Extracted records:
============================================================
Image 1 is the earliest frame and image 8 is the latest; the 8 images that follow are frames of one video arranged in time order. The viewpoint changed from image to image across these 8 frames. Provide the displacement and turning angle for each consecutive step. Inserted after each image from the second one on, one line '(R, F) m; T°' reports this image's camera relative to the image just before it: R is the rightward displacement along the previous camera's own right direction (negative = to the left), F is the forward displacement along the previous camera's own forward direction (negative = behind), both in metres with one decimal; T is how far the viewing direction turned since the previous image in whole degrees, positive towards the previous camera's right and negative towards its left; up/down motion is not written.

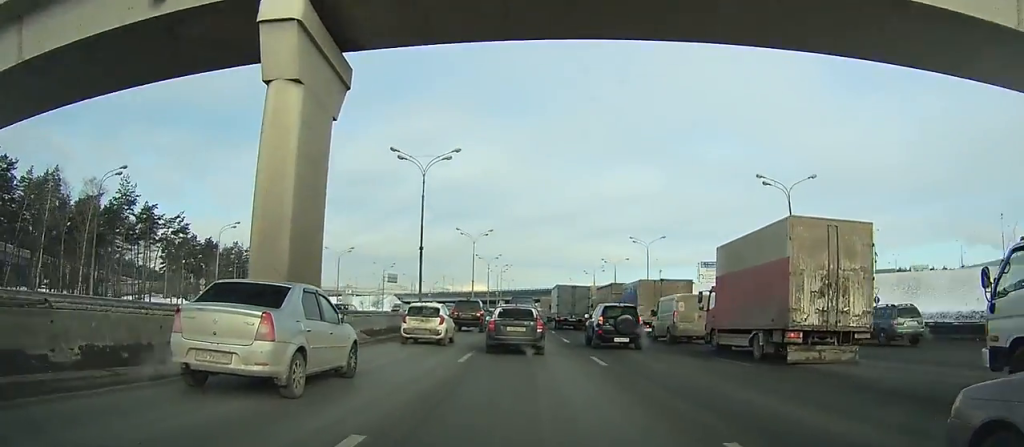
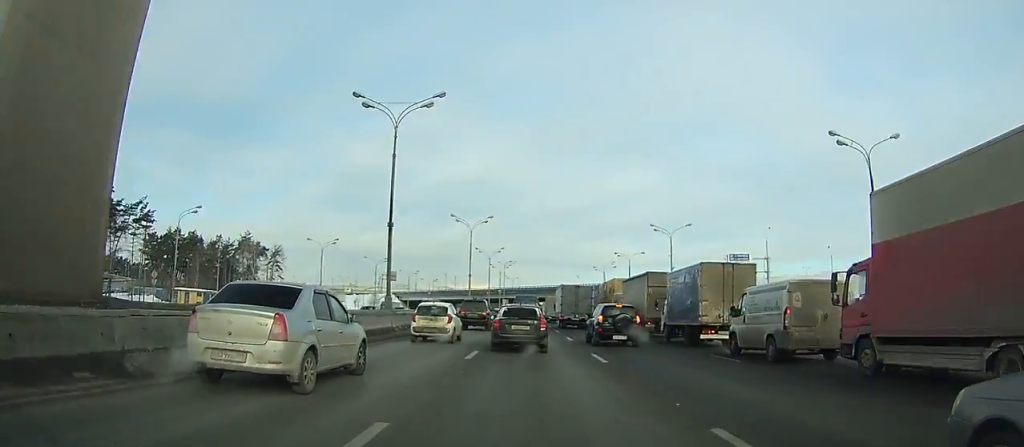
(0.0, +11.0) m; 0°
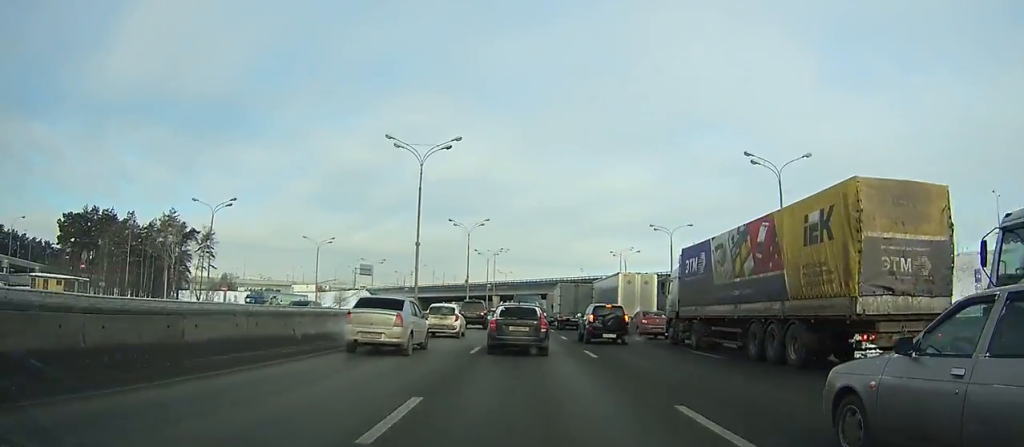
(0.0, +32.8) m; 0°
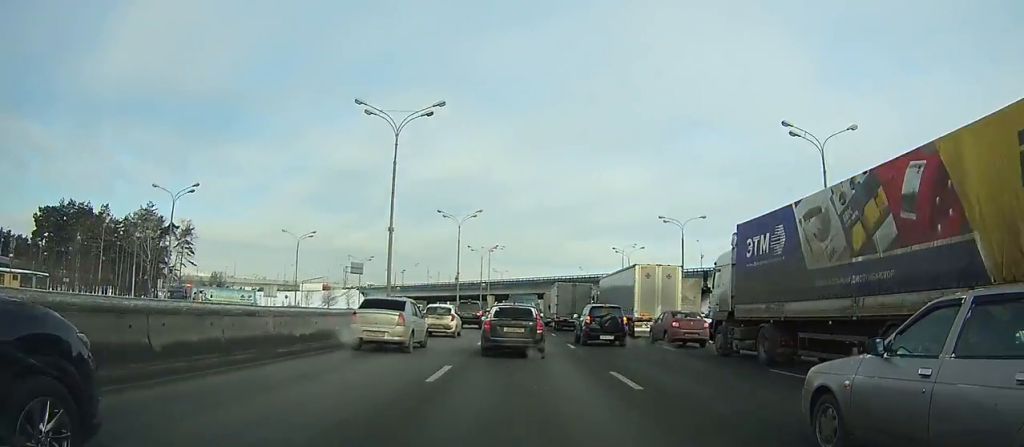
(0.0, +6.9) m; 0°
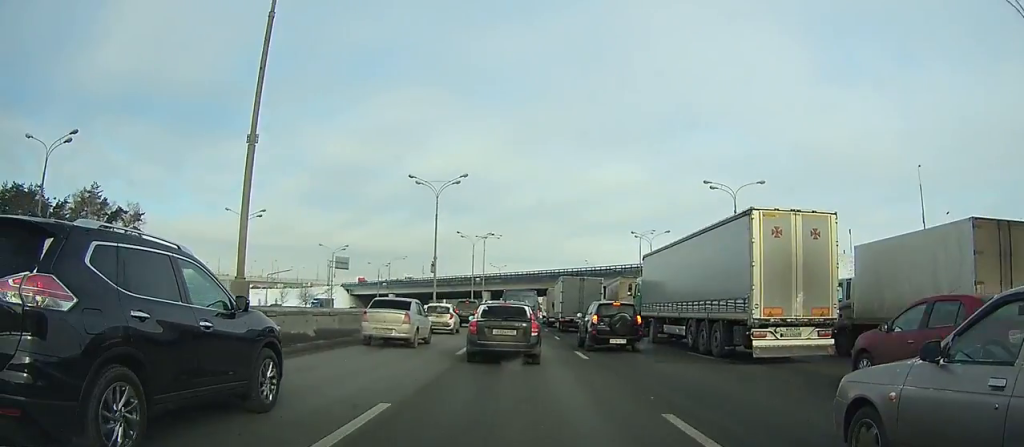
(+0.1, +17.2) m; 0°
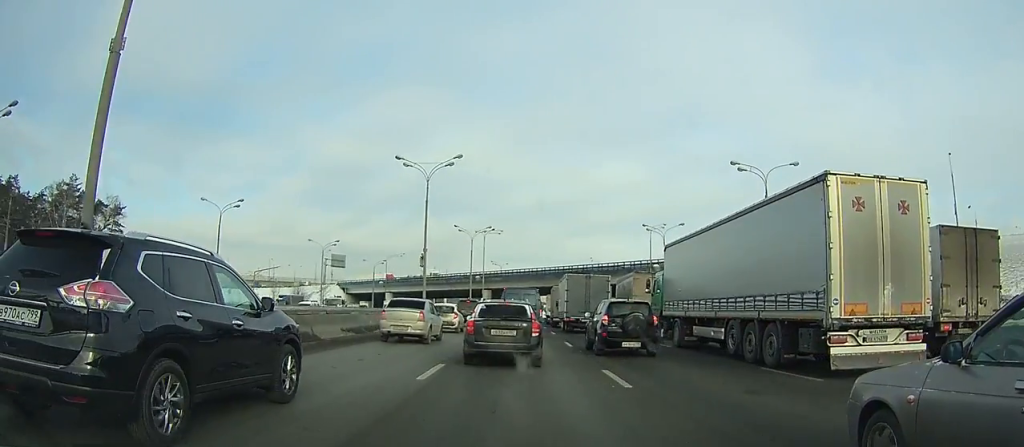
(0.0, +6.1) m; -1°
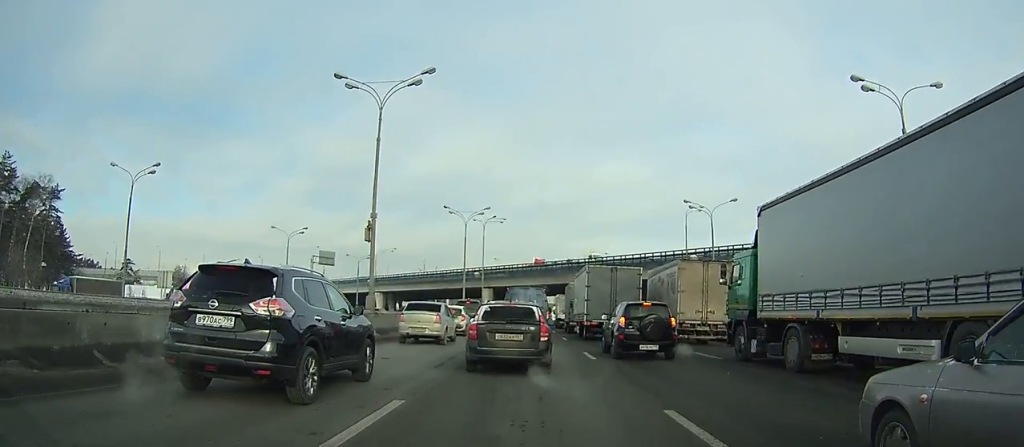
(-0.5, +18.5) m; -3°
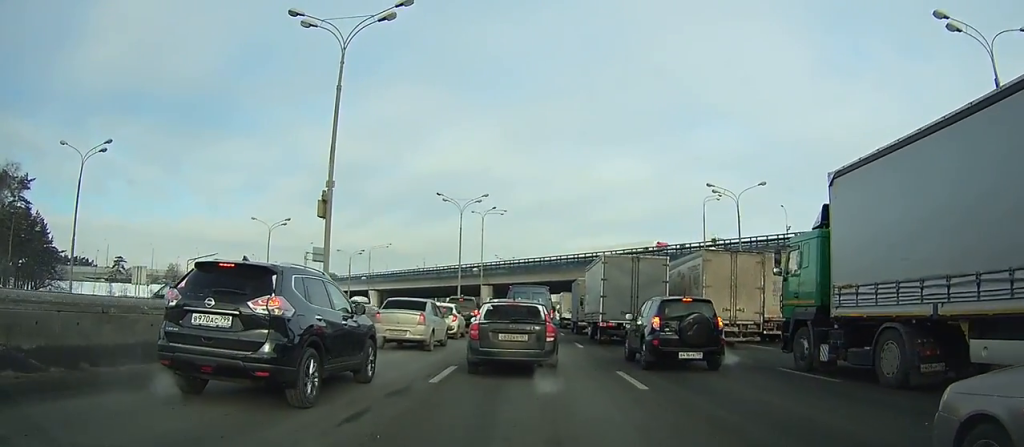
(0.0, +6.4) m; 0°
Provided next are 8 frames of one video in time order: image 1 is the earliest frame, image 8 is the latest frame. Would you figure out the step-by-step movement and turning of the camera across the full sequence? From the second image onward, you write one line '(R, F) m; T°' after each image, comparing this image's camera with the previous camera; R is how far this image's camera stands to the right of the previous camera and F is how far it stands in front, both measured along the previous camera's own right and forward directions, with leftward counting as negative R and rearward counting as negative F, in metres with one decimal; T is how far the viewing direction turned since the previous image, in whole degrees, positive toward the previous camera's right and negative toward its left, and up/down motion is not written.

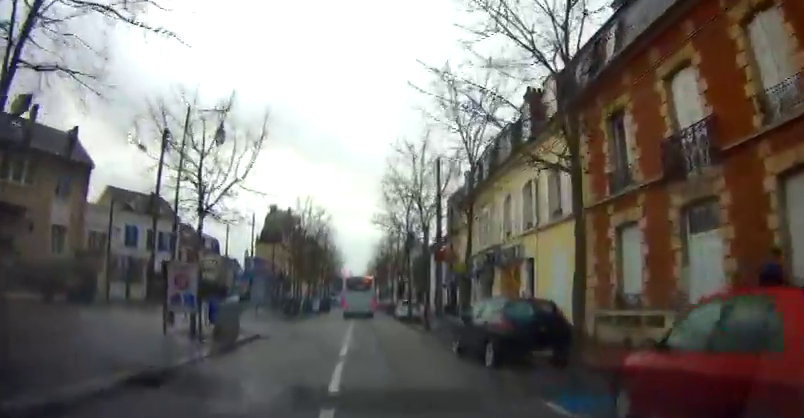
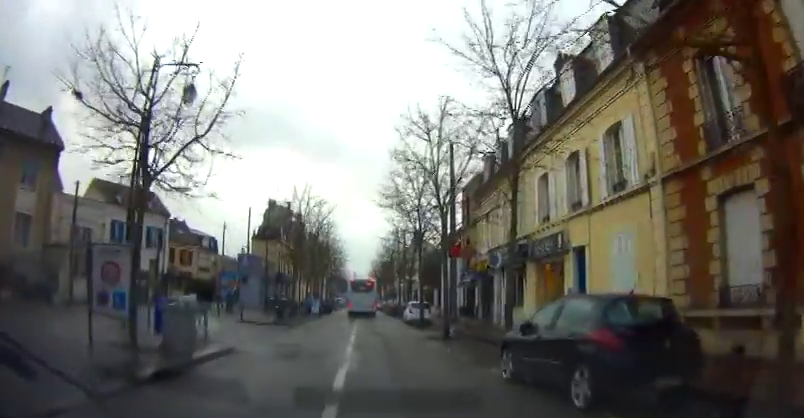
(0.0, +4.2) m; -3°
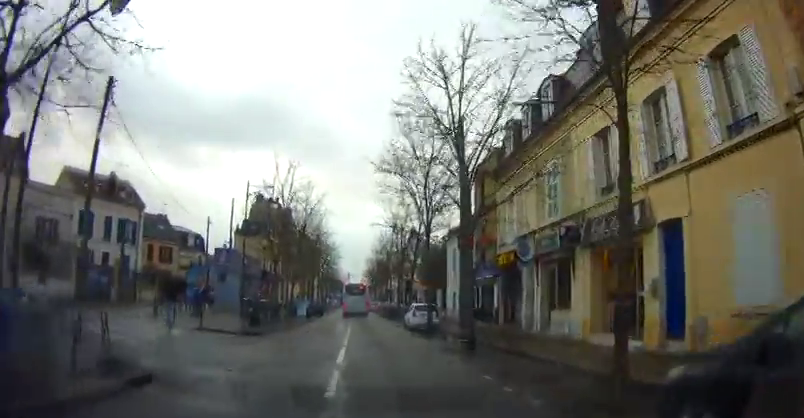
(-0.4, +5.3) m; -1°
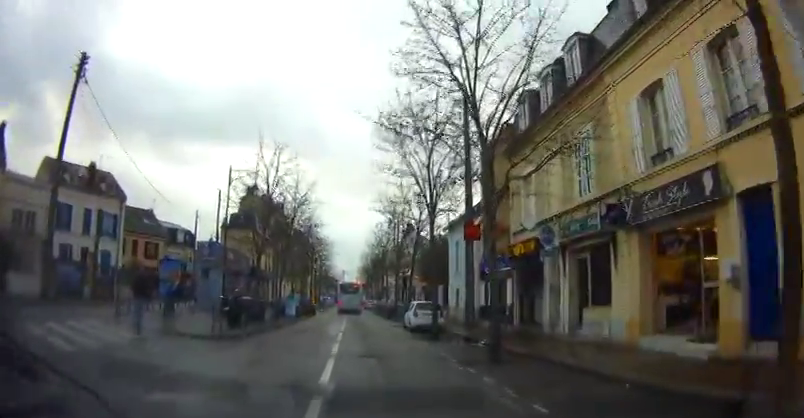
(+0.1, +3.0) m; +2°
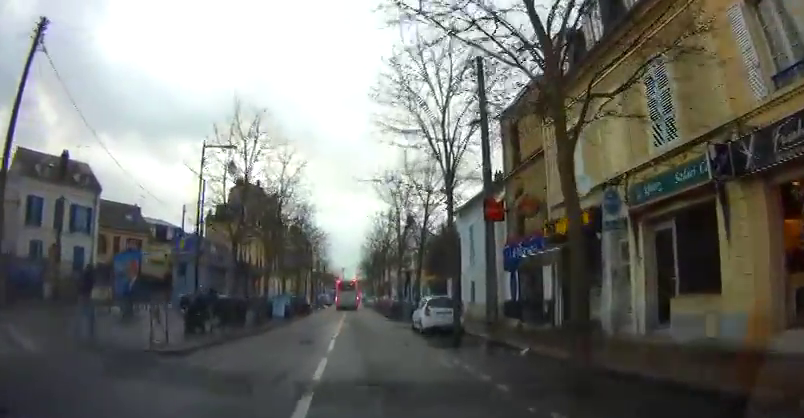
(+0.2, +4.5) m; +3°
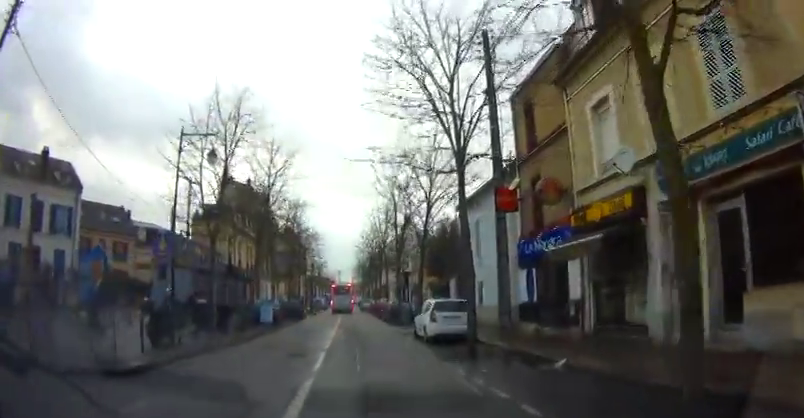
(0.0, +2.4) m; 0°
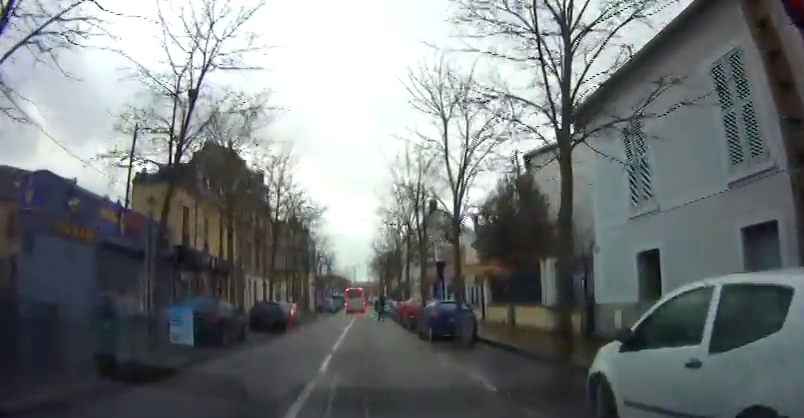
(-0.8, +13.4) m; -4°
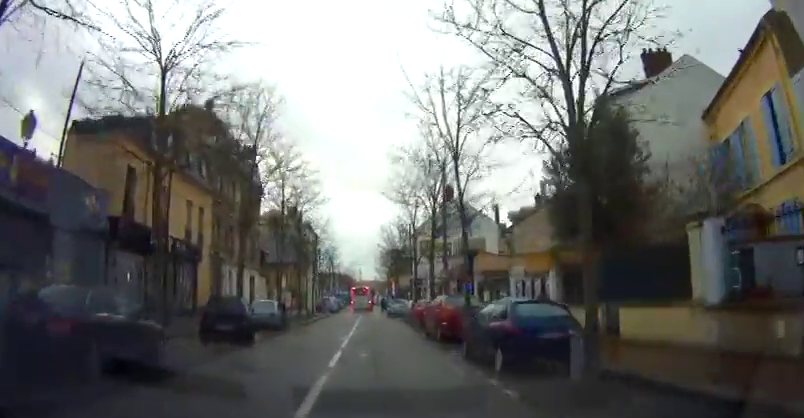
(+0.3, +7.9) m; -1°
============================================================
What to produce: Pictures aside, give the data again exactly as it appears.

Problem solution:
Image 1 is the earliest frame and image 8 is the latest; the 8 images that follow are frames of one video arranged in time order. The viewpoint changed from image to image across these 8 frames. Provide the displacement and turning angle for each consecutive step. Inserted after each image from the second one on, one line '(R, F) m; T°' reports this image's camera relative to the image just before it: R is the rightward displacement along the previous camera's own right direction (negative = to the left), F is the forward displacement along the previous camera's own forward direction (negative = behind), both in metres with one decimal; T is how far the viewing direction turned since the previous image in whole degrees, positive towards the previous camera's right and negative towards its left; up/down motion is not written.

(0.0, +11.0) m; 0°
(0.0, +32.8) m; 0°
(0.0, +6.9) m; 0°
(+0.1, +17.2) m; 0°
(0.0, +6.1) m; -1°
(-0.5, +18.5) m; -3°
(0.0, +6.4) m; 0°
Provided next are 8 frames of one video in time order: image 1 is the earliest frame, image 8 is the latest frame. Would you figure out the step-by-step movement and turning of the camera across the full sequence? From the second image onward, you write one line '(R, F) m; T°' after each image, comparing this image's camera with the previous camera; R is how far this image's camera stands to the right of the previous camera and F is how far it stands in front, both measured along the previous camera's own right and forward directions, with leftward counting as negative R and rearward counting as negative F, in metres with one decimal; T is how far the viewing direction turned since the previous image, in whole degrees, positive toward the previous camera's right and negative toward its left, and up/down motion is not written.

(0.0, +4.2) m; -3°
(-0.4, +5.3) m; -1°
(+0.1, +3.0) m; +2°
(+0.2, +4.5) m; +3°
(0.0, +2.4) m; 0°
(-0.8, +13.4) m; -4°
(+0.3, +7.9) m; -1°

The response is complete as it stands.